L’innovazione finanziaria americana si spinse con la creativita’ a tal punto, da creare il processo con il quale si sarebbero potuti realizzare i sogni di tutti: diventare ricchi, essere imprenditori di se stessi, sentirsi padroni del mondo. Tutto questo puo’ essere riassunto in una sola parola: Cartolarizzazione.

I vantaggi connessi all’utilizzo della cartolarizzazione erano piu’ che positivi se fossero stati regolamentati con la giusta attenzione. Di seguito:

I) Specializzazione produttiva. L’economia finanziaria aveva studiato la possibilita’ di   usare i capitali in maniera piu’ efficiente che mai, diversificando il rischio dei titoli in portafoglio. In sostanza, il portafoglio dei titoli o li strumenti derivati stessi (che erano stati creati grazie alla pratica del “tranching”) se si combinavano titoli con rischio basso a titoli con alto rischio, si riusciva a creare un portafoglio di titoli con rischio basso ma con piu’ alto rendimento, rispetto a titoli o portafogli non cosi’ “strutturati”. Si era trovato il modo per scommettere con il paracadute. Inoltre, si aveva la necessita’ di ridurre il livello del costo dei prestiti, e per questo furono tenuti bassi i tassi di interessi, ma la mossa non fece altro che gonfiare la bolla.SOLDI BORSA

II) Distribuzione del rischio. Il rischio di insolvenza che contraevano le banche nel concedere prestiti, veniva rivenduto al mercato tramite la cartolarizzazione. Infatti furono gli stessi debitori a scommettere sulla propria solvibilita’, se avessero acquistato strumenti finanziari. Il meccanismo si inceppo’ perche’, se da una parte le banche erano incentivate a concedere mutui, dall’altra i debitori non avevano nessun ritorno se avrebbero dovuto pagare un bene che perdeva valore. Nella prima situazione, la banca era propensa a concedere finanziamento, poiché il “mortgage broker” veniva pagato in base a quanti prestiti elargiva, senza dover badare troppo alla qualita’ del debitore. Il debitore a sua volta, quando vide che i prezzi degli immobili andavano a ribasso, tanto da dover ripianare un debito divenuto piu’ grande di quanto il valore immobiliare potesse risarcire, decise di non pagare piu’ le rate del debito. I due comportamenti esasperati portarono al fallimento del metodo di distribuzione del rischio attraverso la cartolarizzazione.

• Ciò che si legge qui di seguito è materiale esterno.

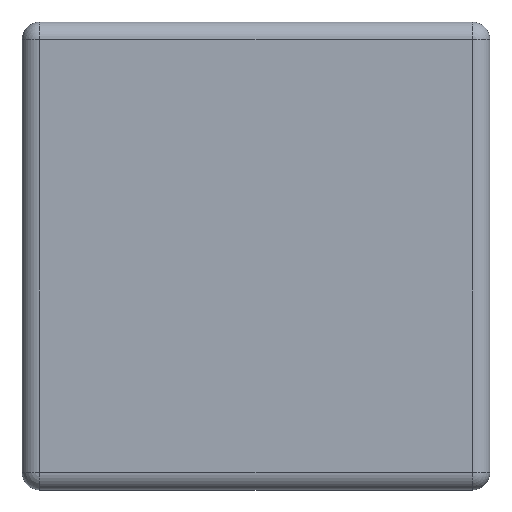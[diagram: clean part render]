
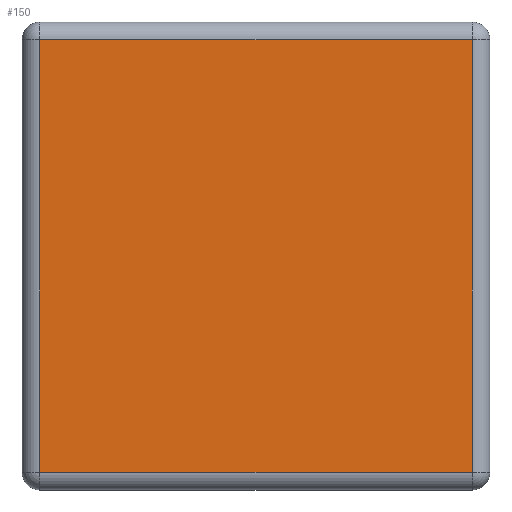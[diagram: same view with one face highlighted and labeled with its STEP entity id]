
A CAD part, top view. The second image highlights one B-rep face of the part: STEP entity #150.
In plain terms, the highlighted planar face has unit normal (0, 0, 1).
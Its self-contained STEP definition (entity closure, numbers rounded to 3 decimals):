
#150 = ADVANCED_FACE( '', ( #360 ), #361, .T. );
#360 = FACE_OUTER_BOUND( '', #633, .T. );
#361 = PLANE( '', #634 );
#633 = EDGE_LOOP( '', ( #1018, #1019, #1020, #1021 ) );
#634 = AXIS2_PLACEMENT_3D( '', #1022, #1023, #1024 );
#1018 = ORIENTED_EDGE( '', *, *, #1659, .T. );
#1019 = ORIENTED_EDGE( '', *, *, #1660, .T. );
#1020 = ORIENTED_EDGE( '', *, *, #1594, .T. );
#1021 = ORIENTED_EDGE( '', *, *, #1661, .T. );
#1022 = CARTESIAN_POINT( '', ( 0., 0., 19. ) );
#1023 = DIRECTION( '', ( 0., 0., 1. ) );
#1024 = DIRECTION( '', ( 1., 0., 0. ) );
#1594 = EDGE_CURVE( '', #1902, #1900, #1903, .T. );
#1659 = EDGE_CURVE( '', #1877, #2008, #2009, .T. );
#1660 = EDGE_CURVE( '', #2008, #1902, #2010, .T. );
#1661 = EDGE_CURVE( '', #1900, #1877, #2011, .T. );
#1877 = VERTEX_POINT( '', #2294 );
#1900 = VERTEX_POINT( '', #2324 );
#1902 = VERTEX_POINT( '', #2326 );
#1903 = LINE( '', #2327, #2328 );
#2008 = VERTEX_POINT( '', #2475 );
#2009 = LINE( '', #2476, #2477 );
#2010 = LINE( '', #2478, #2479 );
#2011 = LINE( '', #2480, #2481 );
#2294 = CARTESIAN_POINT( '', ( 18.5, 18.5, 19. ) );
#2324 = CARTESIAN_POINT( '', ( 18.5, -18.5, 19. ) );
#2326 = CARTESIAN_POINT( '', ( -18.5, -18.5, 19. ) );
#2327 = CARTESIAN_POINT( '', ( 20., -18.5, 19. ) );
#2328 = VECTOR( '', #2836, 1000. );
#2475 = CARTESIAN_POINT( '', ( -18.5, 18.5, 19. ) );
#2476 = CARTESIAN_POINT( '', ( -20., 18.5, 19. ) );
#2477 = VECTOR( '', #2909, 1000. );
#2478 = CARTESIAN_POINT( '', ( -18.5, -20., 19. ) );
#2479 = VECTOR( '', #2910, 1000. );
#2480 = CARTESIAN_POINT( '', ( 18.5, 20., 19. ) );
#2481 = VECTOR( '', #2911, 1000. );
#2836 = DIRECTION( '', ( 1., 0., 0. ) );
#2909 = DIRECTION( '', ( -1., 0., 0. ) );
#2910 = DIRECTION( '', ( 0., -1., 0. ) );
#2911 = DIRECTION( '', ( 0., 1., 0. ) );

Non si puo’ escludere che con attenti accorgimenti, il disastroso strumento della cartolarizzazione avrebbe potuto funzionare in maniera migliore. Ricordiamo che il tutto parte dall’intensione di dare accesso al credito anche a chi non avrebbe potuto mai averne affinche’ avesse potuto costruire un qualcosa utile a far girare l’economia.

Inoltre, si sarebbe potuto sventare l’uragano finanziario, se solo si fossero ascoltati i consigli di Paul Krugman, o quelli di Ranghuram Rajan che nel 2005 scriveva “has financial devolopment made the world riskier?”